This code, when compiled in 32bit will produce a Targa image. When compiled in 64bit, it will hang because the variable column never increases. The problem is I wrote this code on a 32bit system, so I didn't detect my error until now I try to do it in 64bit.
Munair
Posts: 358
Joined: Oct 19, 2017 15:00
Location: 't Zand, NL
Contact:

Re: Signed/unsigned equality. Bug?

Postby Munair » Nov 21, 2017 6:39

A quick look at your code tells me that you point to elements of an image using signed subscript types:

Code: Select all

imagestart[i] ' i as long should be ulong
Pointers are always unsigned, so you have to make sure addressing data is also unsigned. Changing the subscript types to ulong may solve the problem (they are supposed to be positive anyway).
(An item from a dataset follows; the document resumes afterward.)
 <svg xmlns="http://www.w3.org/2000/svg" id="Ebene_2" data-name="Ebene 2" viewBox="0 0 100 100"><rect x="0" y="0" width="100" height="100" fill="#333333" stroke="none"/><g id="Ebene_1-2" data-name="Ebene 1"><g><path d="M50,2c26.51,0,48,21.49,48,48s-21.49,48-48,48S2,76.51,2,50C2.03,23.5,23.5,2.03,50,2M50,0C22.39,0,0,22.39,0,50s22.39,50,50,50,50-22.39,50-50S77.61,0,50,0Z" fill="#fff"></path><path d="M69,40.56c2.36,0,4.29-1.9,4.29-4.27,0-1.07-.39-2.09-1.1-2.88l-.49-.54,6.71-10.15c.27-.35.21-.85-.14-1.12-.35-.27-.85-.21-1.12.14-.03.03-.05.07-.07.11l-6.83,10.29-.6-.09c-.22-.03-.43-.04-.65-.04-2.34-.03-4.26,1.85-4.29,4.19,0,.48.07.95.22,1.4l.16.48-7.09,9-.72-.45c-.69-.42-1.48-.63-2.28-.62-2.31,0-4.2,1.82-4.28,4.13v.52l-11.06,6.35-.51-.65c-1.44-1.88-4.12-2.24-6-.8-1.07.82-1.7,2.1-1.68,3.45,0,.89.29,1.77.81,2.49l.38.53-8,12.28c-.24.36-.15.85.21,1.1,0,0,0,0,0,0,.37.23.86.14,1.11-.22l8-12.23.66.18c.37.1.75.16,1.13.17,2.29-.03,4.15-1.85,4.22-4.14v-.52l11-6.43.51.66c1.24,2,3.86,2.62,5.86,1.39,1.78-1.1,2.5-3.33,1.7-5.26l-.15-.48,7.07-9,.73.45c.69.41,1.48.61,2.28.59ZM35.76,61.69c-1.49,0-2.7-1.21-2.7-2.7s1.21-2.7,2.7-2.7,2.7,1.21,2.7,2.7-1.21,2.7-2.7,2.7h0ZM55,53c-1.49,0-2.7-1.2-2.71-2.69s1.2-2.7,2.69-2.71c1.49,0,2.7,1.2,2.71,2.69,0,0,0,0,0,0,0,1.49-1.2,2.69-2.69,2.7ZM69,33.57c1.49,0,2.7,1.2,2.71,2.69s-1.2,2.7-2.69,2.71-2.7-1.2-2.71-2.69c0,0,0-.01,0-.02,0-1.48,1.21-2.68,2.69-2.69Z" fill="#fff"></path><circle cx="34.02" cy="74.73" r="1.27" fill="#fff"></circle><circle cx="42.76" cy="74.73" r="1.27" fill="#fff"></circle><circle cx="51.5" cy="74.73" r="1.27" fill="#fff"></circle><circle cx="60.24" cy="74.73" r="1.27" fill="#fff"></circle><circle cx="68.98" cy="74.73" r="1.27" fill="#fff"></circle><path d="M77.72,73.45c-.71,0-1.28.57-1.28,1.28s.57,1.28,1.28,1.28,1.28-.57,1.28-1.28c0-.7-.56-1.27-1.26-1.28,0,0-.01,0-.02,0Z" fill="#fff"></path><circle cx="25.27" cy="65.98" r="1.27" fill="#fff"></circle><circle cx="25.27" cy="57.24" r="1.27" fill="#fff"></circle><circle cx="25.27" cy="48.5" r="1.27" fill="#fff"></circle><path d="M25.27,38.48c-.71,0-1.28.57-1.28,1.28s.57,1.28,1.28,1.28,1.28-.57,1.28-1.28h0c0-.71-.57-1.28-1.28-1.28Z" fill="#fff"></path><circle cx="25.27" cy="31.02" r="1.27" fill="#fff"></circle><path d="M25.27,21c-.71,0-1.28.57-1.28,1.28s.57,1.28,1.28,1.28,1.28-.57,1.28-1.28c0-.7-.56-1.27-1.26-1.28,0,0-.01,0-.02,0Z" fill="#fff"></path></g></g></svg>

Furthermore, you compare signed to unsigned: sample As Long should be sample As ULong.
Munair
Posts: 358
Joined: Oct 19, 2017 15:00
Location: 't Zand, NL
Contact:

Re: Signed/unsigned equality. Bug?

Postby Munair » Nov 21, 2017 6:58

BTW, the reason LONG and ULONG HEX in your example give equal on 32bit systems and unequal on 64 bit systems, is because it is a 32bit data type. It is not portable.
xlucas
Posts: 256
Joined: May 09, 2014 21:19
Location: Argentina

Re: Signed/unsigned equality. Bug?

Postby xlucas » Nov 21, 2017 7:16

Munair, yes, indeces are always unsigned and I used a signed index variable, but it's still always positive, so it shouldn't make a difference.

Munair wrote:[...]is because it is a 32bit data type. It is not portable.


All types are portable (except possibly Integer if you use it as a 64bit integer number). What sense would it make that they weren't? And when you say "your problem", you mean this particular piece of code. Yes, of course, I was able to fix it easily by making sample ULong, but that's not the point. The matter is that, if the 32bit compiler will sometimes give equal where the 64bit compiler gives non-equal, then you won't see that you're creating a bug while testing in 32bit and the bug will become aparent in 64bit.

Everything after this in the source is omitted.